Так вот в Хайгейтском кладбище нет ничего похожего на хрестоматийный образ — ни воды, ни звуков, ни биения сердца, ни часов, которые в этом зачарованном королевстве совершенно не нужны. So there is nothing like the textbook image in Highgate Cemetery - no water, no sounds, no heartbeats, no clocks, which are completely unnecessary in this enchanted realm. Por isso, no cemitério de Highgate não há nada que se pareça com a imagem do livro - nem água, nem sons, nem batimentos cardíacos, nem relógios, que neste reino encantado são completamente desnecessários.

Часы здесь остановились в царствование последнего из Эдуардов или, быть может, последнего из Георгов — в общем, в те времена, когда Pax Britannica еще не распалась.
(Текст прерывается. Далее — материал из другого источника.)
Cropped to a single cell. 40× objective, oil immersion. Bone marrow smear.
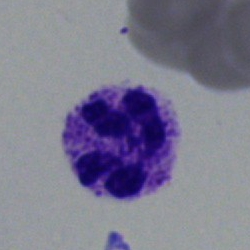The classification is polymorphonuclear neutrophil.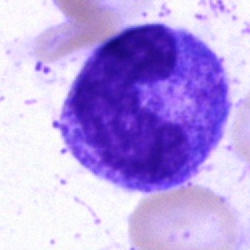 Specimen: bone marrow smear.
Cell: band neutrophil.
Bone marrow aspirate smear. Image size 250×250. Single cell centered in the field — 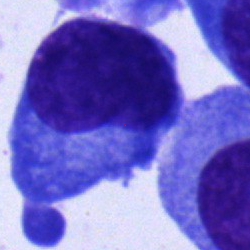Specimen: bone marrow aspirate smear.
Cell type: plasmacyte.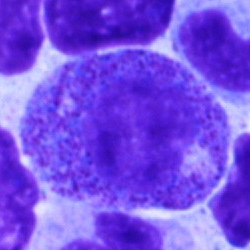This is a promyelocyte.
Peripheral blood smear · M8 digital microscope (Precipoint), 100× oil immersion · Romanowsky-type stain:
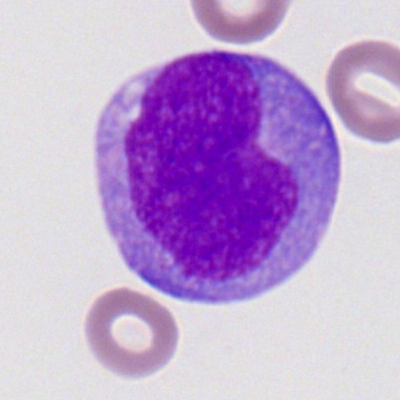 Q: What cell is this?
A: Myeloblast.
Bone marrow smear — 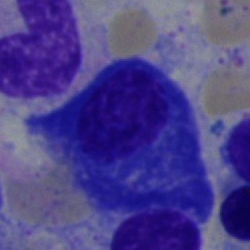
{"cell_type": "plasma cell"}
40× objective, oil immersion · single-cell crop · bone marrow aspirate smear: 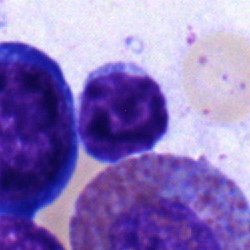 A lymphocyte.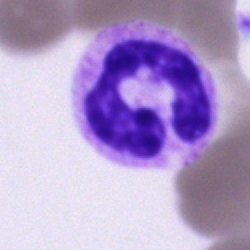Morphology consistent with a neutrophil (segmented).
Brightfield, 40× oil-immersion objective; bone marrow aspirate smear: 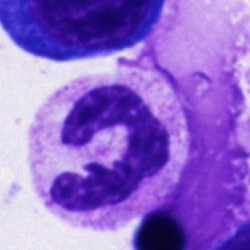

Classification — segmented neutrophil.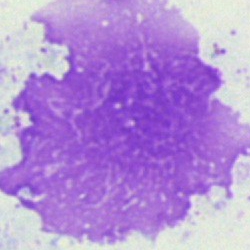Cell type: artifact.
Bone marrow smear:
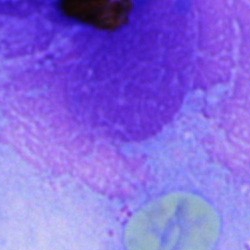 {"cell_type": "artefact"}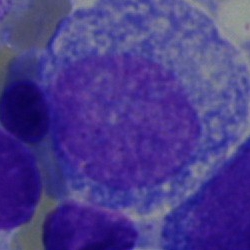
A promyelocyte on a bone marrow smear.
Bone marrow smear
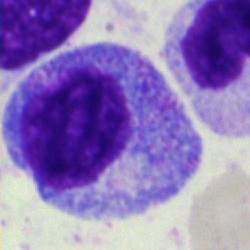 Morphological class = myelocyte.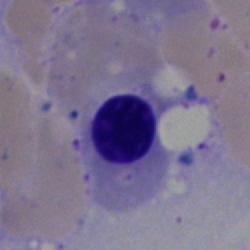Impression — erythroblast.
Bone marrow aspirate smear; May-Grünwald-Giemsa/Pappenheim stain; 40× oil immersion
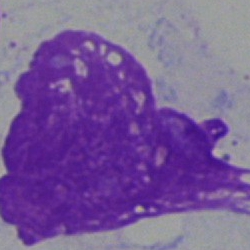

The cell type is artefact.
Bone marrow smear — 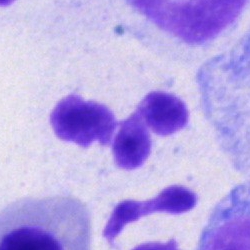
Q: Identify the cell.
A: Polymorphonuclear neutrophil.
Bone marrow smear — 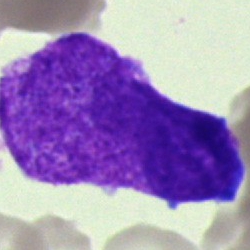

Showing a blast cell.
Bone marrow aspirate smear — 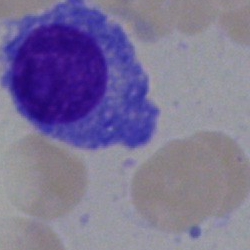

Specimen: bone marrow aspirate smear.
Classification: plasma cell.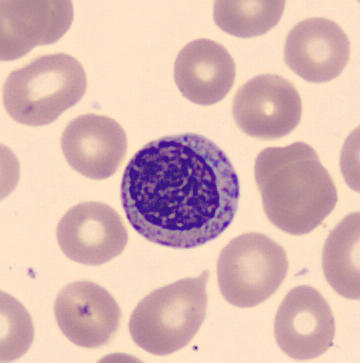
Specimen: peripheral blood smear.
Classification: myelocyte.
Lineage: myeloid.
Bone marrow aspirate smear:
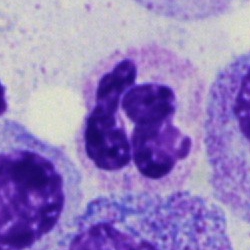 The morphological class is polymorphonuclear neutrophil.
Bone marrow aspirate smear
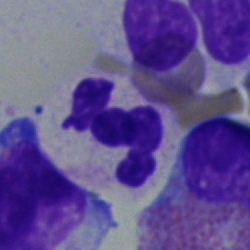

This is a segmented neutrophil.
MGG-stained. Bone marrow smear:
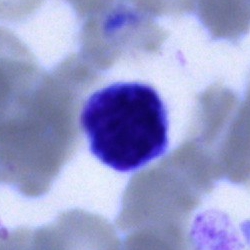A lymphocyte.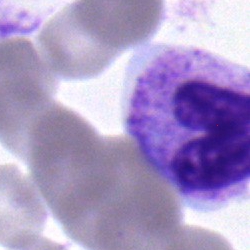 Stab cell.
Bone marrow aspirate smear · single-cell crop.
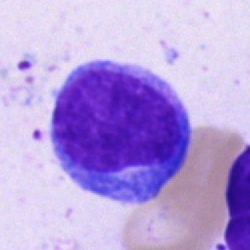Morphological class: undifferentiated blast.

The clock here stopped in the reign of the last of the Edwards, or perhaps the last of the Georges - in general, at a time when the Pax Britannica had not yet disintegrated. O relógio parou aqui no reinado do último dos Edwards, ou talvez do último dos Georges - em geral, numa altura em que a Pax Britannica ainda não se tinha desintegrado. С тех пор в старой, наиболее почтенной части кладбища больше не хоронят, ибо все пятьдесят тысяч участков со ста шестьюдесятью шестью тысячами захоронений заняты, и стук лопат не тревожит сон великой империи, над владениями которой (треть суши и девять десятых океана) никогда не заходило солнце. Since that time no more burials have been made in the oldest, most venerable part of the cemetery, for all fifty thousand plots with one hundred and sixty-six thousand burials are occupied, and the clatter of shovels does not disturb the sleep of the great empire over whose dominions (one-third of the land and nine-tenths of the ocean) the sun has never set. Desde então, não se fizeram mais enterramentos na parte mais antiga e honrada do cemitério, pois todos os cinquenta mil talhões com cento e sessenta e seis mil enterramentos estão ocupados, e o barulho das pás não perturba o sono do grande império sobre cujos domínios (um terço da terra e nove décimos do oceano) o sol nunca se pôs.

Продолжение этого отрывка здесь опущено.